TRIVIA WINNER: Claude Osteen and Frank Howard combined for five seasons to each earn $100,000. The Prize: 15 points toward the person's total.
NEW TRIVIA CONTEST: You will still be required to enter the drawing as usual. However, through the end of 2024 you will get points depending on the complexity of the questions. Enter each week and correct answers will get those points-one guess per person per week. The reader with the most points after the years final column will get a $50 Starbucks Gift Card. Ties will be placed into a drawing. Questions will be worth anywhere from 10-25 points depending on degree of difficulty. Questions will be more difficult as the year goes on, so you are never really out of the mix. Tell your friends and sports fans who like trivia. We will keep track of your points. - YOU MUST ENTER VIA THE EMAIL AT THE END OF THIS COLUMN.
NEW TRIVIA QUESTION: Name the last five Brooklyn Dodger players to finish their careers in Los Angeles, and which Brooklyn Dodger player was active in the Dodgers clubhouse the longest? Answer is worth 50 POINTS.

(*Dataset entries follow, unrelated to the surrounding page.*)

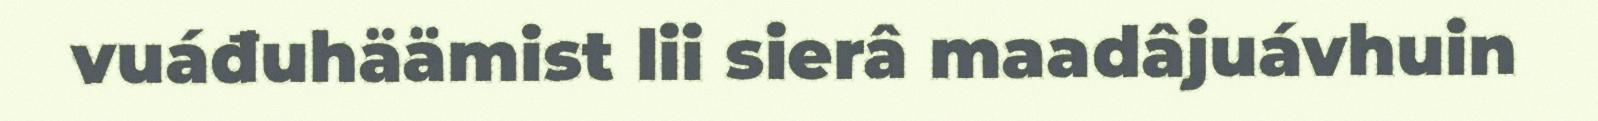
vuáđuhäämist lii sierâ maadâjuávhuin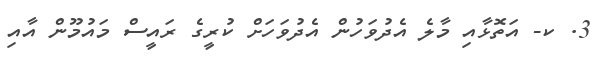
3. ކ- އަތޮޅާއި މާލެ އެދުވަހުން އެދުވަހަށް ކުރީގެ ރައީސް މައުމޫން އާއި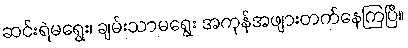
ဆင်းရဲမရွေး၊ ချမ်းသာမရွေး အကုန်အဖျားတက်နေကြပြီ။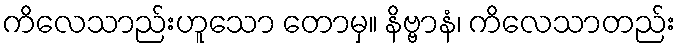
ကိလေသာည်းဟူသော တောမှ။ နိဗ္ဗာနံ၊ ကိလေသာတည်း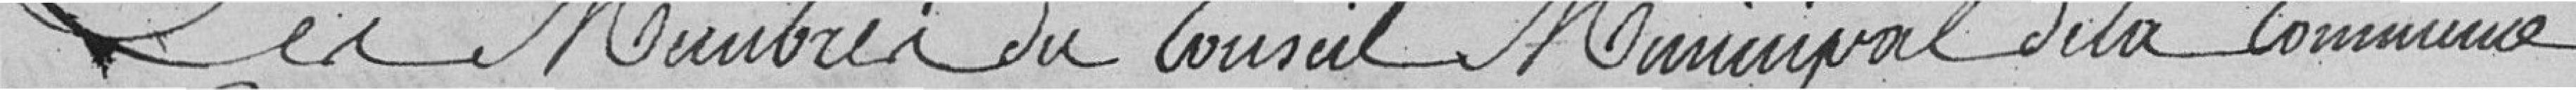
Les membres du conseil municipal de la commune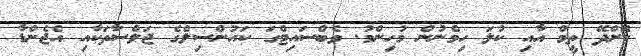
ކޮށްދޭ ތީމް އާއި ކުލަ ހިމެނުން މުހިންމު. ވެބްސައިޓްގަ ކައުންސިލްގެ ޖަލްސާތަކާއި އެޖެންޑާ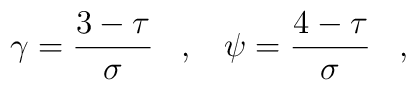
\gamma=\frac{3-\tau}{\sigma}\,\,\,\,\,,\,\,\,\,\,\psi=\frac{4-\tau}{\sigma}\,\,\,\,\,,\,\,\,\,\,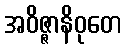
အဝိဇ္ဇာနိဝုတေ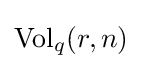
\operatorname {Vol} _{q}(r,n)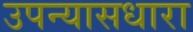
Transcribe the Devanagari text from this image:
उपन्यासधारा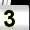
Digit: 3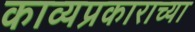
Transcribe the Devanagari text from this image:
काव्यप्रकाराच्या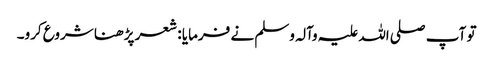
تو آپ صلی اللہ علیہ وآلہ وسلم نے فرمایا : شعر پڑھنا شروع کرو۔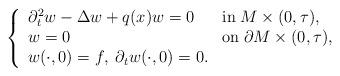
LaTeX: \begin{align*}\left\{\begin{array}{lll} \partial _t^2 w - \Delta w + q(x)w =0 &\mbox{in}\; M \times (0,\tau), \\w = 0 &\mbox{on}\; \partial M \times (0,\tau), \\w(\cdot ,0) = f,\; \partial_t w (\cdot ,0) = 0.\end{array}\right.\end{align*}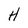
Character: H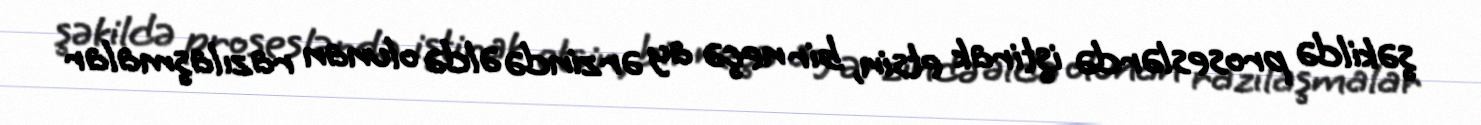
şəkildə proseslərdə iştirak etsin, bir neçə ay ərzində əldə olunan razılaşmalar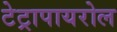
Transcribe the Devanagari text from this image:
टेट्रापायरोल

The 1960 Opening Day Game for the Los Angeles Dodgers saw seven players who actually played with the club in Brooklyn. They were a couple years removed from the New York Burroughs but there were still seven of the 12 players who appeared in that game, still active for the 1960 opener. The stars were Don Drysdale, Jim Gilliam, Duke Snider and Gil Hodges, while Charlie Neal, Don Demeter and Johnny Roseboro all made small contributions in Brooklyn.
The Dodgers were fresh off a World Series in 1959 and were looking to extend their winning ways in Hollywood. Game One of the 1960 season was a start. Tied 2-2 going into the 11th Drysdale was still pitching against the Chicago Cubs. (Talk about stretching out). Former Brooklyn team mate Don Zimmer homered for the Cubs earlier in the game.

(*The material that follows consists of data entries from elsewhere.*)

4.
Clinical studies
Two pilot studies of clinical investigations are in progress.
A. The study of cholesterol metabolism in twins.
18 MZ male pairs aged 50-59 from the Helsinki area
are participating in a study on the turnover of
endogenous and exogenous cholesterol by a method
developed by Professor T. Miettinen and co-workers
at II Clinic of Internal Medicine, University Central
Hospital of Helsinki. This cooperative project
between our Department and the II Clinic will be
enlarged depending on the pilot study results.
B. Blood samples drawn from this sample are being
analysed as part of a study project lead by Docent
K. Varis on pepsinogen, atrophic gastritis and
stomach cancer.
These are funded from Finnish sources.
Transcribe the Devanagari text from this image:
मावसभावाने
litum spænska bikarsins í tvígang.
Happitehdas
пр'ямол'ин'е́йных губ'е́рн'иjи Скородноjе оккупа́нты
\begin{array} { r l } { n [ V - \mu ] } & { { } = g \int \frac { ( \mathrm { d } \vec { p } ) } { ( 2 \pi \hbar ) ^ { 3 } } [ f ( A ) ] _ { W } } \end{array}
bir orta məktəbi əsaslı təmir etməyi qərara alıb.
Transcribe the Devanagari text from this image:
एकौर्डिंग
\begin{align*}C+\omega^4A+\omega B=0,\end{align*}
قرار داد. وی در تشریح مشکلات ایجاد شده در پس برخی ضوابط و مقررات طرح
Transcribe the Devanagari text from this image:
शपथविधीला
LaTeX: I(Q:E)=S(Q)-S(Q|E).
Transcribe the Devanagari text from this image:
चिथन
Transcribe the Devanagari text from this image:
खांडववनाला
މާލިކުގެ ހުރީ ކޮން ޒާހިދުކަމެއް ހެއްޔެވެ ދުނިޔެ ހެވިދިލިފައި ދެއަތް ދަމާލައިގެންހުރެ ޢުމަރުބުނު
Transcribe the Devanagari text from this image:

It was a familiar trademark game for the Dodgers who were known during the early to mid-1960's to play tight games. The bottom of the 11th saw the good hitting Drysdale's pitching come to an end when manager Walter Alston chose Chuck Essegian to pinch-hit against Don Elston. He promptly homered to win it at the Los Angeles Coliseum.
Over the years those Brooklynites would eventually be replaced. Hodges and Snider would end up as original Mets, and Demeter would move on as well. Roseboro, would be a mainstay as would Gilliam who both played on future World Series teams for Los Angeles.